- _The task_
Filter the records below down to lines containing "outdoors".

Dataset records Start Marker

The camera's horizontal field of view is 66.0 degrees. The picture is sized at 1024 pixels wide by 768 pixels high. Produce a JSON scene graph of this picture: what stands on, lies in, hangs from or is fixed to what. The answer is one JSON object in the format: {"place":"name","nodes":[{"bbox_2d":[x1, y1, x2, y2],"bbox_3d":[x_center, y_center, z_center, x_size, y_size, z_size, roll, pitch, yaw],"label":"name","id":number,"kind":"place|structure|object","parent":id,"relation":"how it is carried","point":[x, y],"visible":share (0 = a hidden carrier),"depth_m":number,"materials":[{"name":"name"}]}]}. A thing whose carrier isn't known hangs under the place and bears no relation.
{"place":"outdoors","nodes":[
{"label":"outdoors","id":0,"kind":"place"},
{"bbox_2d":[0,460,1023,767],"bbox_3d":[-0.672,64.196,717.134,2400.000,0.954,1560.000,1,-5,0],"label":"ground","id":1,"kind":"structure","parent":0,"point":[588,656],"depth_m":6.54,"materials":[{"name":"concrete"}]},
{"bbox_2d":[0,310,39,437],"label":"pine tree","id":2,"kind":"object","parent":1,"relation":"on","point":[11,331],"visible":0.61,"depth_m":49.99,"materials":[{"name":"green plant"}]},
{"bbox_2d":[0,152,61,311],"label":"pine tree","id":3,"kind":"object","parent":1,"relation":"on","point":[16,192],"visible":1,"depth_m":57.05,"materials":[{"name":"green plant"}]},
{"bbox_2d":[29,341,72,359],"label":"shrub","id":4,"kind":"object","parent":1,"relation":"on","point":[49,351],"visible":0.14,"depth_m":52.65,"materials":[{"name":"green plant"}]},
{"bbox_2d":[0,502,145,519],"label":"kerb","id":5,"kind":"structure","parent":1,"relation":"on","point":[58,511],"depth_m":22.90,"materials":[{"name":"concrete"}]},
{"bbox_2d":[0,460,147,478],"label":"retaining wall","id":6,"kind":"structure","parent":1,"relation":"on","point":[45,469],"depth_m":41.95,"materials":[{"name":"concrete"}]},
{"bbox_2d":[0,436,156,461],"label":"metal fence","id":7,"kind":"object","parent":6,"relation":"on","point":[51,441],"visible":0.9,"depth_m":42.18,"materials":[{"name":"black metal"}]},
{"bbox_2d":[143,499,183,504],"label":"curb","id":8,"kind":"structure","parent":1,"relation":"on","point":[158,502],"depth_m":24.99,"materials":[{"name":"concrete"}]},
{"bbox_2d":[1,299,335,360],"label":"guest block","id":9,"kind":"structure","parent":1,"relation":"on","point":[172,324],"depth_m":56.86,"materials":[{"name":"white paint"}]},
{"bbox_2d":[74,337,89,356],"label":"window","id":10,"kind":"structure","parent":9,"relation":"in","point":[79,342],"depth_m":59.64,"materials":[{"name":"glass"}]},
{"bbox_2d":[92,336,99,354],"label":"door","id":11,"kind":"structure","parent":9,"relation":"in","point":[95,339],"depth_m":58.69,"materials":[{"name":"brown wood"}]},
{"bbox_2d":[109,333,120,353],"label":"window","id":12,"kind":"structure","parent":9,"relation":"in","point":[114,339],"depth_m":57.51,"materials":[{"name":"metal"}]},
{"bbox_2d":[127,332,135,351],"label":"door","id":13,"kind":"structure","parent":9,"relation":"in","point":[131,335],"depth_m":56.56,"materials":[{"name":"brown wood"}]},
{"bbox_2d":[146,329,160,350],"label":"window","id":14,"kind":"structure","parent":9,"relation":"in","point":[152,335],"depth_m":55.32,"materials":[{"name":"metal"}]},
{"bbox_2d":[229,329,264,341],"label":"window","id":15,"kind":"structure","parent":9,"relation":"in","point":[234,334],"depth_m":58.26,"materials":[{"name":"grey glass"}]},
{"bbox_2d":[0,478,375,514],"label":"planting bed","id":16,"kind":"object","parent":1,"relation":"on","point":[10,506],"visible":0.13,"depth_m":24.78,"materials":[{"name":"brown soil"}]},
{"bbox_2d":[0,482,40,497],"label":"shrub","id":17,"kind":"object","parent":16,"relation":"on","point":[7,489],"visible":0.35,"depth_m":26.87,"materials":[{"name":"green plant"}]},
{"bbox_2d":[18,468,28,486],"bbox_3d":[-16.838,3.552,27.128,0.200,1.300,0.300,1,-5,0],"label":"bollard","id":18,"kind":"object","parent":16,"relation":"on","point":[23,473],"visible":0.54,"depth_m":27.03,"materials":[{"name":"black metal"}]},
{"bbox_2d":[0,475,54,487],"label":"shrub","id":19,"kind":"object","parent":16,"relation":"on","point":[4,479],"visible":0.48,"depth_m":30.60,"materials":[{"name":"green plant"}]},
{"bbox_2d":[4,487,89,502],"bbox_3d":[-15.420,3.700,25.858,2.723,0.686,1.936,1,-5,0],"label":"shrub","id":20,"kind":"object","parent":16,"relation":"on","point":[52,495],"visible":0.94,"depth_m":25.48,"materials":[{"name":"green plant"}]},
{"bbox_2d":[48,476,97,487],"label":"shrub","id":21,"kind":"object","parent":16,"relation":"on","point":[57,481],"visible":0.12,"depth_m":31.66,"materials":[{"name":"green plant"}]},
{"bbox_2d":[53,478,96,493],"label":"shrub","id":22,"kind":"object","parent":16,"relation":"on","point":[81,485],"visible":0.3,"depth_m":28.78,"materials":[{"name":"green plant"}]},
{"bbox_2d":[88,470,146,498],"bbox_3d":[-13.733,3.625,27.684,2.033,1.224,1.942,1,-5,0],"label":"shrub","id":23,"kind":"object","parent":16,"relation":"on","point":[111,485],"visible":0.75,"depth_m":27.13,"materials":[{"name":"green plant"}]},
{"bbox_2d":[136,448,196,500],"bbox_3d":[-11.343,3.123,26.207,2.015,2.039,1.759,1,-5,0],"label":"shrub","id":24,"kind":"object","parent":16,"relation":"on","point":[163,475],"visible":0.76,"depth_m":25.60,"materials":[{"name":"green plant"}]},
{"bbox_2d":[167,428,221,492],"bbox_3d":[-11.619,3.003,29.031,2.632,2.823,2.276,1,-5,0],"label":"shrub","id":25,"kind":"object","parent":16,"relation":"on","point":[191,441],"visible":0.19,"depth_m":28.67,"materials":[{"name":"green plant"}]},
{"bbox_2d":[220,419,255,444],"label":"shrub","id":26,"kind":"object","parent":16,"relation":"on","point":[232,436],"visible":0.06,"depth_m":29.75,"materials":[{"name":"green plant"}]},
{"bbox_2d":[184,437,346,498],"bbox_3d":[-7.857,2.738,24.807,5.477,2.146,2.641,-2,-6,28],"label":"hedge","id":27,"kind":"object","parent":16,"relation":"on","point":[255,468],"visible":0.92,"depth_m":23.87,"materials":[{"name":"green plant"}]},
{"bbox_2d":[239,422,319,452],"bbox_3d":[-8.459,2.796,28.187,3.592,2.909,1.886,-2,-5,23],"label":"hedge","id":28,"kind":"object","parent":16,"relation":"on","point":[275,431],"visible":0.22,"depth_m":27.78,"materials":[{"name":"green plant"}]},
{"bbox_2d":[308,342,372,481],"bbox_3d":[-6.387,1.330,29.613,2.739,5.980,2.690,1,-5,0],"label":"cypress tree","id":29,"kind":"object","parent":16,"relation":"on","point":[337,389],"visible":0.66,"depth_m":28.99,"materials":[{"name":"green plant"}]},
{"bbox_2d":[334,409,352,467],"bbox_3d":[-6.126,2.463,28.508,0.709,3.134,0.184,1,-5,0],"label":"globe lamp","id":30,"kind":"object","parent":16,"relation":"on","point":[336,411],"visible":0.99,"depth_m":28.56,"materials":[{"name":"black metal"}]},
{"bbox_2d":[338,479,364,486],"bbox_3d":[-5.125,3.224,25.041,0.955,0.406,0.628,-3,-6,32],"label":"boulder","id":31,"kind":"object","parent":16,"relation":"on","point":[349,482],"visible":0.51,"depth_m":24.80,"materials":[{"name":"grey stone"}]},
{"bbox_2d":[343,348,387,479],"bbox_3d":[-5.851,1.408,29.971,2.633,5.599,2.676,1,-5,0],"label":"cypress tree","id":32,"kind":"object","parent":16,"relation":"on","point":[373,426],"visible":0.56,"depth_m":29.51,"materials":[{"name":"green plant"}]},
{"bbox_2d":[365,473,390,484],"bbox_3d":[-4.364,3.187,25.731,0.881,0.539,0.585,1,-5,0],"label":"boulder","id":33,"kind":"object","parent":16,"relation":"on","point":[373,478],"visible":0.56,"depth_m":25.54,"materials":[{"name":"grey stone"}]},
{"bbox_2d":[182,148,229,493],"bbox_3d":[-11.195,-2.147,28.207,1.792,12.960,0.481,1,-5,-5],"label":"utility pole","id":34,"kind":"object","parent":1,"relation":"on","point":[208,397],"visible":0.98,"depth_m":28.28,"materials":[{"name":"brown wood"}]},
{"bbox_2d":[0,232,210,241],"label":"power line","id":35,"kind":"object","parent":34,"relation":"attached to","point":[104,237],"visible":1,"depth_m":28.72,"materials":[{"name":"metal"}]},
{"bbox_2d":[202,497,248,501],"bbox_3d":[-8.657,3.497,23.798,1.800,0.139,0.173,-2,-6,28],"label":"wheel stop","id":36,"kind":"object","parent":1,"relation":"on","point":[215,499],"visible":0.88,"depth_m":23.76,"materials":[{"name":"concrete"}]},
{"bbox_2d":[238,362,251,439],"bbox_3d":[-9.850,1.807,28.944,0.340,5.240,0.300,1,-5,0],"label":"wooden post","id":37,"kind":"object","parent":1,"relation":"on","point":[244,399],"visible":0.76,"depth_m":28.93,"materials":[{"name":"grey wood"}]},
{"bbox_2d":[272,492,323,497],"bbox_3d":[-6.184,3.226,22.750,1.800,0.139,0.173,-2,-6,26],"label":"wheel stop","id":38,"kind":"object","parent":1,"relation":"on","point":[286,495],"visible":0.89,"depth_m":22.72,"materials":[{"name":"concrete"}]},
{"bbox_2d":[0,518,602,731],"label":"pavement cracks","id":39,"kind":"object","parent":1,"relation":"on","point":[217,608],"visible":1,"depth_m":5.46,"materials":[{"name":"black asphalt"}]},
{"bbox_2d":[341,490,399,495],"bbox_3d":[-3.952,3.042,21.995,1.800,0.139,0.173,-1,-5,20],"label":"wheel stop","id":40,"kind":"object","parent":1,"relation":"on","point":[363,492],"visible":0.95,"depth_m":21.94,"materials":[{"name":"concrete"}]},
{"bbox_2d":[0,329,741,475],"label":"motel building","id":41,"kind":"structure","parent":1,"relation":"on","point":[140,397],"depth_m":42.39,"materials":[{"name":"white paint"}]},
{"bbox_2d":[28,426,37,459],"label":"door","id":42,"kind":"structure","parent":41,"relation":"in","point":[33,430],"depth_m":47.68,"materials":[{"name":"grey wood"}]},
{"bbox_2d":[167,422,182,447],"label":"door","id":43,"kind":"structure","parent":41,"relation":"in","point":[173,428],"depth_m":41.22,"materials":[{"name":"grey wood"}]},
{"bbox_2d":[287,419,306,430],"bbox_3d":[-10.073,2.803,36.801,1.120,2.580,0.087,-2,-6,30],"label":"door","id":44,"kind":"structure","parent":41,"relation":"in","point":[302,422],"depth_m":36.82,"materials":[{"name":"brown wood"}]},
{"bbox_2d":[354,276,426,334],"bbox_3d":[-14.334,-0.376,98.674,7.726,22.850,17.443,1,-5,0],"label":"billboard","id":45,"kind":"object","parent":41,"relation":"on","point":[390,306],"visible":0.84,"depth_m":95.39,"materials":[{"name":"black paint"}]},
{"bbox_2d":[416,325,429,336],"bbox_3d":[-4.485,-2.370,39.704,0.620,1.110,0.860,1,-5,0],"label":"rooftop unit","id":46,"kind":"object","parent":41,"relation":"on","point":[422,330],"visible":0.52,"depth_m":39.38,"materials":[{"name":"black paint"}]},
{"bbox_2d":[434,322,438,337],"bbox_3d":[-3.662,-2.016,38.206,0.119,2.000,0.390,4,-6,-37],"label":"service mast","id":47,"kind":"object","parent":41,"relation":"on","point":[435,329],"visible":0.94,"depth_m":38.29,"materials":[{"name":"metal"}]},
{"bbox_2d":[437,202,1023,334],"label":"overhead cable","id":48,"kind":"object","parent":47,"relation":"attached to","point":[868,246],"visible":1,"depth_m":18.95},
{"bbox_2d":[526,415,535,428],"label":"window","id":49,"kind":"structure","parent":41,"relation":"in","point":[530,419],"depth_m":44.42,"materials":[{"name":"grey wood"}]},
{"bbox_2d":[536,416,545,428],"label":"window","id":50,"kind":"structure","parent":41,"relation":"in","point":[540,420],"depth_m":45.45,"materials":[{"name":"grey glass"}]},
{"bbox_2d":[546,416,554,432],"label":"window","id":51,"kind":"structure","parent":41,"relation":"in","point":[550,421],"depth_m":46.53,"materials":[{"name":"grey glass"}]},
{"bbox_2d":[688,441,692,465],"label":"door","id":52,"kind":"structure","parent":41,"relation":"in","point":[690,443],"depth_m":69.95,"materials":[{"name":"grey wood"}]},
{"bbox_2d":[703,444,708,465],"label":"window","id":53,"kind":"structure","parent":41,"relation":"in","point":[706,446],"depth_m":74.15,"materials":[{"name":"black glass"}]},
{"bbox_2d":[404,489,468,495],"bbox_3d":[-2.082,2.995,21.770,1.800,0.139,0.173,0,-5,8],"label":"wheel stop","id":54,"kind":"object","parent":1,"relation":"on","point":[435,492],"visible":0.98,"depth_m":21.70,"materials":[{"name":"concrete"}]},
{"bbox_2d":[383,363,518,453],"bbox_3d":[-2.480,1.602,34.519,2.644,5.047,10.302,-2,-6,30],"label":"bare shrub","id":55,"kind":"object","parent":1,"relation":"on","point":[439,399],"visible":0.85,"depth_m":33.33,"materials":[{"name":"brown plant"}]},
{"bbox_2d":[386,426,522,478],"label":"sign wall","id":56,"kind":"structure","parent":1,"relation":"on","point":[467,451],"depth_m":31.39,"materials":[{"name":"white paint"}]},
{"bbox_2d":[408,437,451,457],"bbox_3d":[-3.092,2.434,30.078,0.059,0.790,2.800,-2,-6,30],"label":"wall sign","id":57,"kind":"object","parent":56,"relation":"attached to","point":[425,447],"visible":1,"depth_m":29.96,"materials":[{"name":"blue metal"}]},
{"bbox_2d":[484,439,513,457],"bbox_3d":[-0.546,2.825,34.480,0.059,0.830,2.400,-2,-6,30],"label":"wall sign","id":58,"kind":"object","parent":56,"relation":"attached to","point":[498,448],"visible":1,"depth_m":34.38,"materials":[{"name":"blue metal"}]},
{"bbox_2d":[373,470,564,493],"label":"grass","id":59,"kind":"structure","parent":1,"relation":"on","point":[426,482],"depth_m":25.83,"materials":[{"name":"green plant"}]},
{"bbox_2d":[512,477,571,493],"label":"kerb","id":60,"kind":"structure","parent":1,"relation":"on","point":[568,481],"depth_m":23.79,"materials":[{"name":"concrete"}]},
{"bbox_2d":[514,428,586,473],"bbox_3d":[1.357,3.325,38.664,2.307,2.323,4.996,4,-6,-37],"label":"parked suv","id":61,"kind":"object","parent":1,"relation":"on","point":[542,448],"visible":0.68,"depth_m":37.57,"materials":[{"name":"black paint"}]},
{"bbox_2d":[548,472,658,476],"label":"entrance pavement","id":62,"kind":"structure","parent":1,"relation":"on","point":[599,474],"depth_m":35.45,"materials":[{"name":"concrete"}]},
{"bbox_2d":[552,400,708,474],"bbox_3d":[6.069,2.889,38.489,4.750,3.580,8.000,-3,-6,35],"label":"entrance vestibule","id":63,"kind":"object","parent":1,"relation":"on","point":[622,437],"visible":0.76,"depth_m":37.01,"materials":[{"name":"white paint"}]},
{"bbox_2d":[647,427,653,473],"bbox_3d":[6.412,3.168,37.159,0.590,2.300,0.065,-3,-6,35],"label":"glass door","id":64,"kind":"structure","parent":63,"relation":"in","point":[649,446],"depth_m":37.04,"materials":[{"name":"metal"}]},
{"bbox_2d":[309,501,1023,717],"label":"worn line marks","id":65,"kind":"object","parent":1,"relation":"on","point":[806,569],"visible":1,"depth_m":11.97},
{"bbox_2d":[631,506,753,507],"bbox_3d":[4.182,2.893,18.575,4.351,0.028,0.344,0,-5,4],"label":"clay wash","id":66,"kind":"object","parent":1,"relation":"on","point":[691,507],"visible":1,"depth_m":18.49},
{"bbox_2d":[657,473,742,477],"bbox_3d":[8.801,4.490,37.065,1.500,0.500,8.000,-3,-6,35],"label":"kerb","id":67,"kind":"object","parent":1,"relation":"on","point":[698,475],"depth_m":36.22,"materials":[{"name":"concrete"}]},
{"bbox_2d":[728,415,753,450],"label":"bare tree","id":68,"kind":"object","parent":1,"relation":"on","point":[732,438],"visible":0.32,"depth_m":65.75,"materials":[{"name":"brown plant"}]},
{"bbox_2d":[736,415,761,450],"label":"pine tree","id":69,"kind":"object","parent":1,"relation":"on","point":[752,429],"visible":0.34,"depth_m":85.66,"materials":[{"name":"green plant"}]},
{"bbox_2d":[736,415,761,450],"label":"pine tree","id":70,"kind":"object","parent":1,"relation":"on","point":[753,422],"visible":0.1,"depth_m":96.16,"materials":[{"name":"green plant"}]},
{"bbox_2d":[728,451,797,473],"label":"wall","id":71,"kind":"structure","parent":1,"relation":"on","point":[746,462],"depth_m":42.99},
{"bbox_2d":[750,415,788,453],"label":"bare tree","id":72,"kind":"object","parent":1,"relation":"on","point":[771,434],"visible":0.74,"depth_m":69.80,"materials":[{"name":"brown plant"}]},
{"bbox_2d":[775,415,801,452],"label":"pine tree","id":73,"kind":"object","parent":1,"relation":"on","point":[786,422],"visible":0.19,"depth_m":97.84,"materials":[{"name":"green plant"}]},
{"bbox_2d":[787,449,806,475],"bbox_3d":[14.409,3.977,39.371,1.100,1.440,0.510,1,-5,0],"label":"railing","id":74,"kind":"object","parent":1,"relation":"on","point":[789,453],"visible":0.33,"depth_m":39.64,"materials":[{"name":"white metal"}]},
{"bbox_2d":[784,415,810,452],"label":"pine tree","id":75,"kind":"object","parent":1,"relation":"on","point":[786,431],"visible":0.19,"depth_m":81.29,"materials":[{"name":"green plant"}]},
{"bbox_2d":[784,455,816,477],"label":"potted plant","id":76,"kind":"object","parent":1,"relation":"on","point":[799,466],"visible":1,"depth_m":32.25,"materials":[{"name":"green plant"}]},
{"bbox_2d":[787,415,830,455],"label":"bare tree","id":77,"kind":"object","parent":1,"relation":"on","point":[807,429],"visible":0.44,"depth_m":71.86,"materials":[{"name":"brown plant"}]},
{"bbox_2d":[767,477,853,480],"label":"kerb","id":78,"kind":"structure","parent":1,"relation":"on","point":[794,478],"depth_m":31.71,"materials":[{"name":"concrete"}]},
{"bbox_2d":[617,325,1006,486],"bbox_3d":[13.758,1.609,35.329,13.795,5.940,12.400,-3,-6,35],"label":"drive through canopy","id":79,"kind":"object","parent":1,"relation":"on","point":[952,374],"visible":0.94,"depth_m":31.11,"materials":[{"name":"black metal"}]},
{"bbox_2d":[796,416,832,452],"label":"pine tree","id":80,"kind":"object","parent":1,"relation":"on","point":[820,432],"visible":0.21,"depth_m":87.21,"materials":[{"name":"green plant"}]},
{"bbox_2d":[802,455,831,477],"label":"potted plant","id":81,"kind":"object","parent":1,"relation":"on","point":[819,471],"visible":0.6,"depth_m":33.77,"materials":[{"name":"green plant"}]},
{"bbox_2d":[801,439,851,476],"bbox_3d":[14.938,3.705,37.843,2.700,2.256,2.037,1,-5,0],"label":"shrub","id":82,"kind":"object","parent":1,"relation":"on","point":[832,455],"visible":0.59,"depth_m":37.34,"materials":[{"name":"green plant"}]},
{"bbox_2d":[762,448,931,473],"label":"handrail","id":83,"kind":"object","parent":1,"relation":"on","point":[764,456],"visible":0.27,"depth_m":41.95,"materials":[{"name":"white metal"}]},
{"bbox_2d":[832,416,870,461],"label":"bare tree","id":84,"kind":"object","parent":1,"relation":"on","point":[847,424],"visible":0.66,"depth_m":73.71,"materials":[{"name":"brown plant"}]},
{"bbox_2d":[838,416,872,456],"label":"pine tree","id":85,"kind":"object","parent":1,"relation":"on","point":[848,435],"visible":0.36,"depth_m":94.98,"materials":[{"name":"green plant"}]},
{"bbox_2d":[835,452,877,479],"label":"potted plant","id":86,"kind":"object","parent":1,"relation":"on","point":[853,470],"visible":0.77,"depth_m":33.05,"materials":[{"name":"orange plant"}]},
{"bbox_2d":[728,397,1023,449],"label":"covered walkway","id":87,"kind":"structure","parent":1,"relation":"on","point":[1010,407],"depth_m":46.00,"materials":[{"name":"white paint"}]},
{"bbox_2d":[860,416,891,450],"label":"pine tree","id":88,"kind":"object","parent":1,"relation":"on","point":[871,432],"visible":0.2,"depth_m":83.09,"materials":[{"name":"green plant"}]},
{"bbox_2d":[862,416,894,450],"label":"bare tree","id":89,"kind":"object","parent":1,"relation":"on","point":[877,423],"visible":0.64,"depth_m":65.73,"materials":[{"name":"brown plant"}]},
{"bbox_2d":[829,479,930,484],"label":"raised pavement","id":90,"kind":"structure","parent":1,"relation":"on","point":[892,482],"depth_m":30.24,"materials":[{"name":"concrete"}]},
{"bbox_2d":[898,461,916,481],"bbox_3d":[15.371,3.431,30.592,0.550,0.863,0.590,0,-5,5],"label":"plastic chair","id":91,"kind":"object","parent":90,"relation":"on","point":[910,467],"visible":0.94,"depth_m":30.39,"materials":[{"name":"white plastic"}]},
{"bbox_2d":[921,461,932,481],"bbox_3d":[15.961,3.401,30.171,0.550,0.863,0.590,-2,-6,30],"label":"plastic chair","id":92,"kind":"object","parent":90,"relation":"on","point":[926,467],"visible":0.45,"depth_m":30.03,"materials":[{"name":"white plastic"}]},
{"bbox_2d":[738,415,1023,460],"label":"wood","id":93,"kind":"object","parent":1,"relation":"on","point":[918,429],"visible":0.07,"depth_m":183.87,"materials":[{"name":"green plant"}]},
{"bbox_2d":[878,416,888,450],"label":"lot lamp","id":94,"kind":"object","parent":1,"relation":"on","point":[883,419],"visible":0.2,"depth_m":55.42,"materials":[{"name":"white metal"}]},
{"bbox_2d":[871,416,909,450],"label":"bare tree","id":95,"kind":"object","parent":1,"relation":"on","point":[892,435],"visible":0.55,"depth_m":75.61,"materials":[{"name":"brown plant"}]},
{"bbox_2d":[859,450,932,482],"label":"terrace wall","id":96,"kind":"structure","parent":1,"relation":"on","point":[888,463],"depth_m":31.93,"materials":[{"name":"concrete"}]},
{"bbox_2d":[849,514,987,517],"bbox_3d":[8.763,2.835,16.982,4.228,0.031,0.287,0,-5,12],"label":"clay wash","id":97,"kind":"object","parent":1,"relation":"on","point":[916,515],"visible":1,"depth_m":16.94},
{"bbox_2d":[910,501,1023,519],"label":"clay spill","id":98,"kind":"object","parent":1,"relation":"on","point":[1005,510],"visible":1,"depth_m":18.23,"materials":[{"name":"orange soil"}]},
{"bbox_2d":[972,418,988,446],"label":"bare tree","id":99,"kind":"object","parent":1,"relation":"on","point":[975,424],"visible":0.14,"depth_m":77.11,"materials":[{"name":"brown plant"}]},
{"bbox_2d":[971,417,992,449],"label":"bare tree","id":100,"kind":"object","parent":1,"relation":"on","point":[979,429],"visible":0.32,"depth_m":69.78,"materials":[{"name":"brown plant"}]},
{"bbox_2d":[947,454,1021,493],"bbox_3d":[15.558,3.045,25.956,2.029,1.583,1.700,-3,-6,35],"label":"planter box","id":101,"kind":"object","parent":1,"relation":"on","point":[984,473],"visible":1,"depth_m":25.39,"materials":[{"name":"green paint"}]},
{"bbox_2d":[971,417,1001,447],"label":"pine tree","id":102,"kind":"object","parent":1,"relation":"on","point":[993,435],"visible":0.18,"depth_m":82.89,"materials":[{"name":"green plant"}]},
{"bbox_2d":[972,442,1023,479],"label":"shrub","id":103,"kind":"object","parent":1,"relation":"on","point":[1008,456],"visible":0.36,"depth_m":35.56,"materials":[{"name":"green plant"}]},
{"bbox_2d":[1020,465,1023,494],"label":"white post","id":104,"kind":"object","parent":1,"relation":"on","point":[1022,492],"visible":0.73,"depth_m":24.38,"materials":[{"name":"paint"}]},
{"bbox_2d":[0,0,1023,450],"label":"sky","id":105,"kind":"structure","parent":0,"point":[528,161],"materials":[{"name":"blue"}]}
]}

Dataset records End Marker

- _Problem solution_
{"place":"outdoors","nodes":[
{"label":"outdoors","id":0,"kind":"place"},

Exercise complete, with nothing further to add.